#### What the task requires
Lines where the string "unmodified" appears are to be copied from the entries below.

Stored items
====

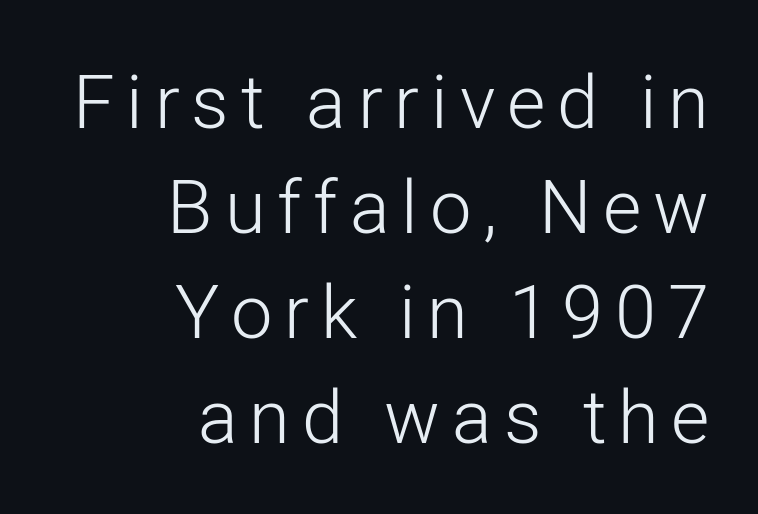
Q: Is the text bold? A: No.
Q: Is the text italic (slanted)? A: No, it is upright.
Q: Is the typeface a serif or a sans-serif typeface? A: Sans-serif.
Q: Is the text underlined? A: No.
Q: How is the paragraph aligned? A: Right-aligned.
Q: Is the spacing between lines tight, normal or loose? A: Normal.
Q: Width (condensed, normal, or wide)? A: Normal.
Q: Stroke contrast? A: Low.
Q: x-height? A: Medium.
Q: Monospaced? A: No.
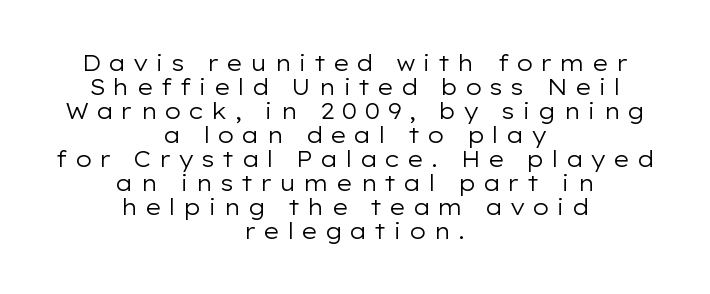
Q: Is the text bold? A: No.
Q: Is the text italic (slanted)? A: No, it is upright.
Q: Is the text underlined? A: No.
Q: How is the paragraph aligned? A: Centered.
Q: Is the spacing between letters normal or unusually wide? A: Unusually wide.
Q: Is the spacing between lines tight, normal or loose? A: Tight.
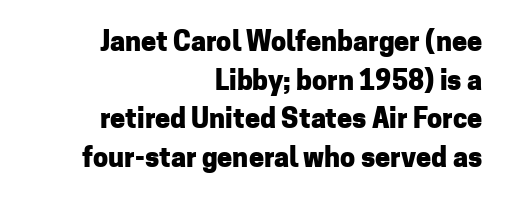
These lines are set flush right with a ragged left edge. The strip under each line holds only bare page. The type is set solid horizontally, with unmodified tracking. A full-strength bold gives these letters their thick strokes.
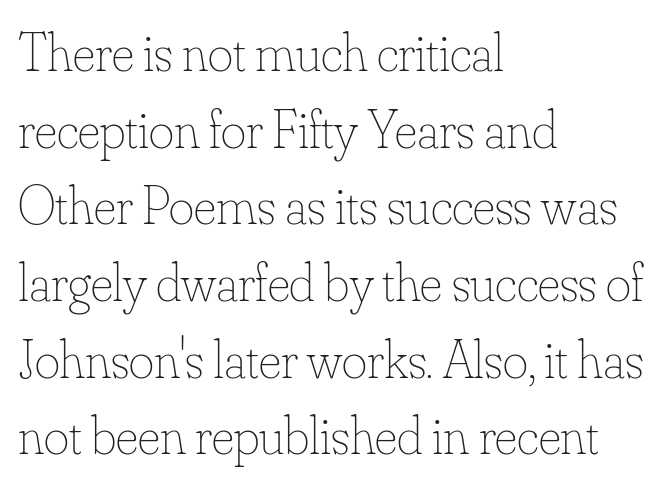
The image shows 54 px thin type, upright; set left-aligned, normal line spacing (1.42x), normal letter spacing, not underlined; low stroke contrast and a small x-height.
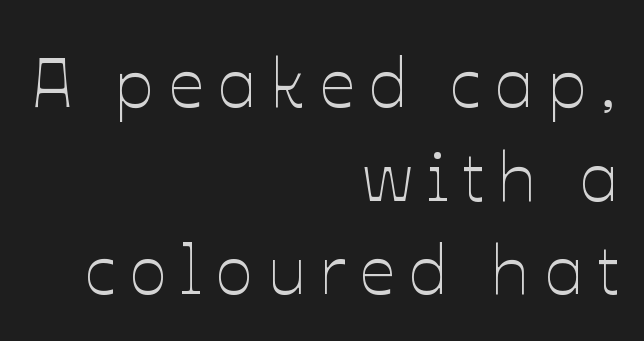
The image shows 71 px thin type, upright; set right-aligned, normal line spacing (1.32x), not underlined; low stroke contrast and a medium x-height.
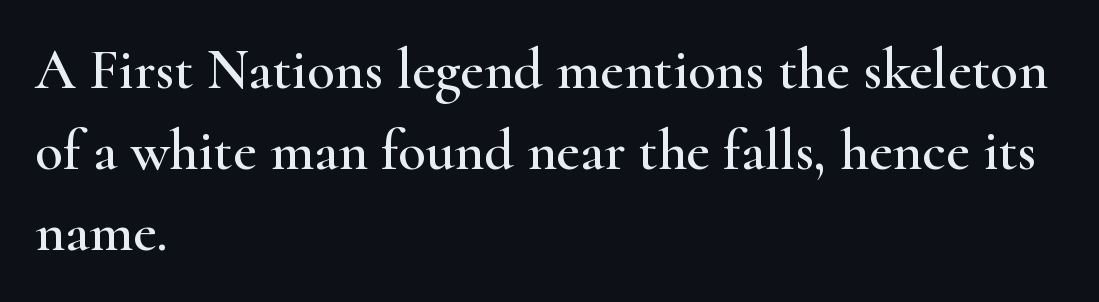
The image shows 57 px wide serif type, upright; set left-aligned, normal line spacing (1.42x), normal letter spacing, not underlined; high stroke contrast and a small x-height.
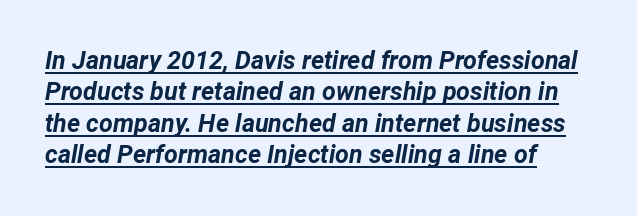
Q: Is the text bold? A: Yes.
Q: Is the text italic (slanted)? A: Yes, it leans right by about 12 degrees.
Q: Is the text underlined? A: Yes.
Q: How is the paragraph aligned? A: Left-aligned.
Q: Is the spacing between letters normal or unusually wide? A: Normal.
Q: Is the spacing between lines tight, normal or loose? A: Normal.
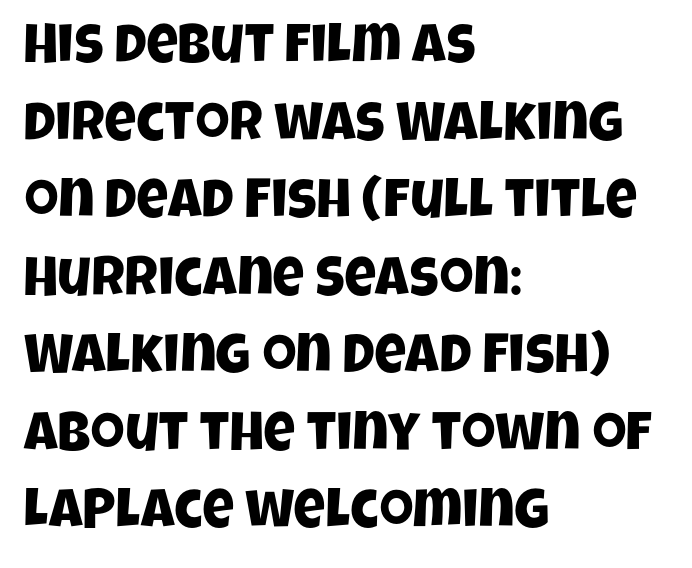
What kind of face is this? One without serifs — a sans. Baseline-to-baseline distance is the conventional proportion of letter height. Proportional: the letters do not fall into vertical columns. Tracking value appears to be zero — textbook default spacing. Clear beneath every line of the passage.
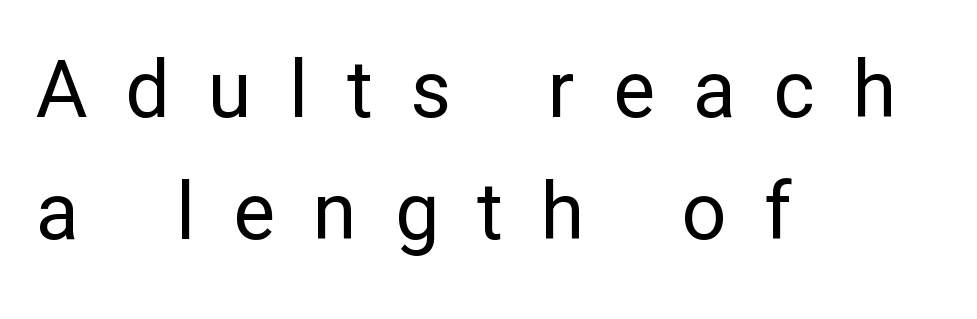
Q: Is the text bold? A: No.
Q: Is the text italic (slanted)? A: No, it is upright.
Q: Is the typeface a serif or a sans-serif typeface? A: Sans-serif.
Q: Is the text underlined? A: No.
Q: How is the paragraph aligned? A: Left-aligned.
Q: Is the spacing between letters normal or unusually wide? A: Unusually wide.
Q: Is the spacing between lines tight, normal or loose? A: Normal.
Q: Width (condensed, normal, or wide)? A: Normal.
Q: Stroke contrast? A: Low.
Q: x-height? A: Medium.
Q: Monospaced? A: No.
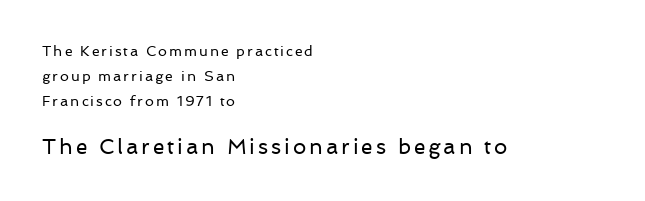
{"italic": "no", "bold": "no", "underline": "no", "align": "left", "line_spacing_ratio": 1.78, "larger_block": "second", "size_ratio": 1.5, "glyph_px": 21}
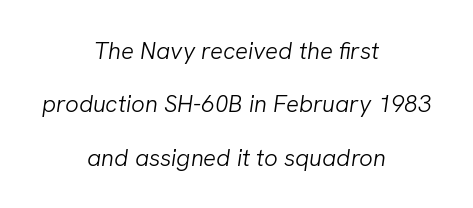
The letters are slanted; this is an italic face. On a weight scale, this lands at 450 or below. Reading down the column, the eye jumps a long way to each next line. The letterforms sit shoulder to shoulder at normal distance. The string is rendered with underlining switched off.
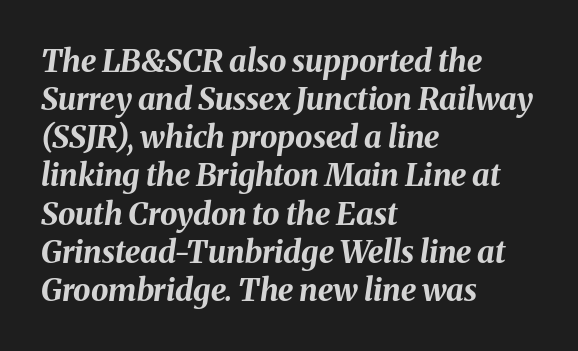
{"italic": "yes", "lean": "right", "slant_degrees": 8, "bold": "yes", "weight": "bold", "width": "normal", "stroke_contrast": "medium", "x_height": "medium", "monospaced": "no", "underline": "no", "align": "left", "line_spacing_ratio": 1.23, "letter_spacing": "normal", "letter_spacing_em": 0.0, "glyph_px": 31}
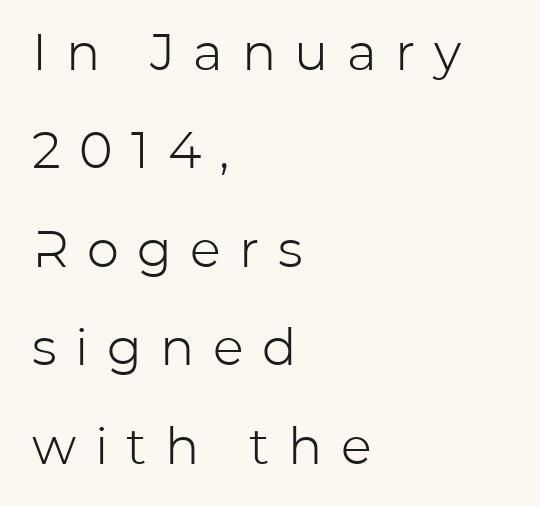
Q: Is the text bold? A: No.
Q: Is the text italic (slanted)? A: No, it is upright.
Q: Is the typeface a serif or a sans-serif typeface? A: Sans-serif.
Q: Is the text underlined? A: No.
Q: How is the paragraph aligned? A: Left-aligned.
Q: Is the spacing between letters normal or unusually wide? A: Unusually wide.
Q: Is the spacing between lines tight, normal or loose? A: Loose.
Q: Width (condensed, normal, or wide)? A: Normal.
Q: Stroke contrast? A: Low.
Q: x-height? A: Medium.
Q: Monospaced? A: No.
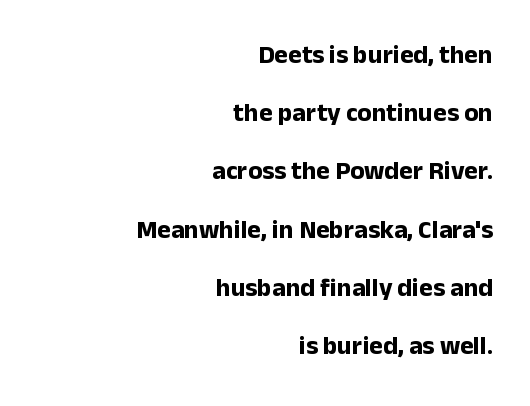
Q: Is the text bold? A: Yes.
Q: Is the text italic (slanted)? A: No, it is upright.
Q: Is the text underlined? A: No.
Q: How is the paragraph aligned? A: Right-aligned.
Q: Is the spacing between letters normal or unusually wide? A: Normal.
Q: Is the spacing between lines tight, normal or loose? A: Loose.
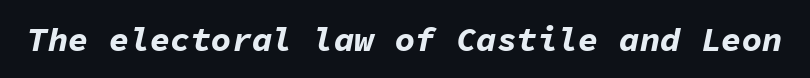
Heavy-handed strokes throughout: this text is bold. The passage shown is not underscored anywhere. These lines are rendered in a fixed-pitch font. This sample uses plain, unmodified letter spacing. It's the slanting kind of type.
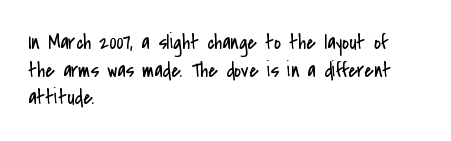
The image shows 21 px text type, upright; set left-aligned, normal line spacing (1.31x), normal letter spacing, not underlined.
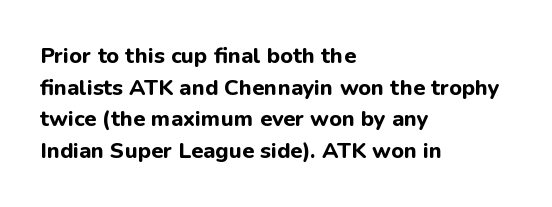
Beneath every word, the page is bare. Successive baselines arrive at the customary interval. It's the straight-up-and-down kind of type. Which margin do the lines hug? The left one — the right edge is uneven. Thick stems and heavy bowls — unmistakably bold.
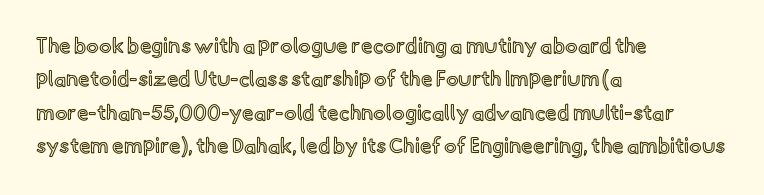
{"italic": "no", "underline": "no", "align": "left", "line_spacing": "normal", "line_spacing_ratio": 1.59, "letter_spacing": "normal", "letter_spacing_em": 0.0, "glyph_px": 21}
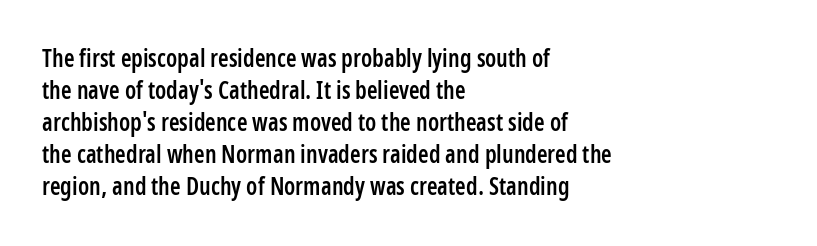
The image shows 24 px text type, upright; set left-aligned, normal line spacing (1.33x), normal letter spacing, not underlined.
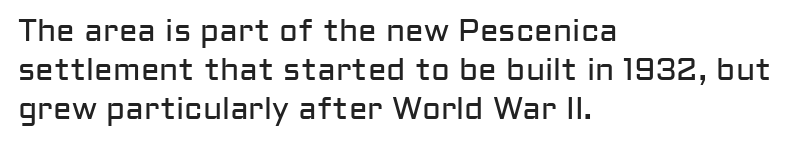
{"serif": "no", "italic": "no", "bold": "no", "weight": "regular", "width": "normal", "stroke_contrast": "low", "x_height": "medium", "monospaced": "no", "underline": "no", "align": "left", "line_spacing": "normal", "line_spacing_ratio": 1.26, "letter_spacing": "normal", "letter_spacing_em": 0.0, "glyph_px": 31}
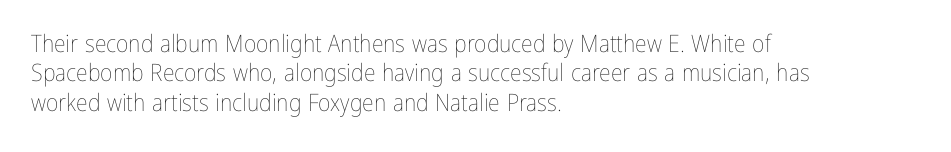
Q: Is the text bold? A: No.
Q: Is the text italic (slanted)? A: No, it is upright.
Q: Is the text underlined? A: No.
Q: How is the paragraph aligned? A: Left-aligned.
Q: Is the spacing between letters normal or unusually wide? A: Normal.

====

#### Solution to this task
These lines are set flush right with a ragged left edge. The strip under each line holds only bare page. The type is set solid horizontally, with unmodified tracking. A full-strength bold gives these letters their thick strokes.
Heavy-handed strokes throughout: this text is bold. The passage shown is not underscored anywhere. These lines are rendered in a fixed-pitch font. This sample uses plain, unmodified letter spacing. It's the slanting kind of type.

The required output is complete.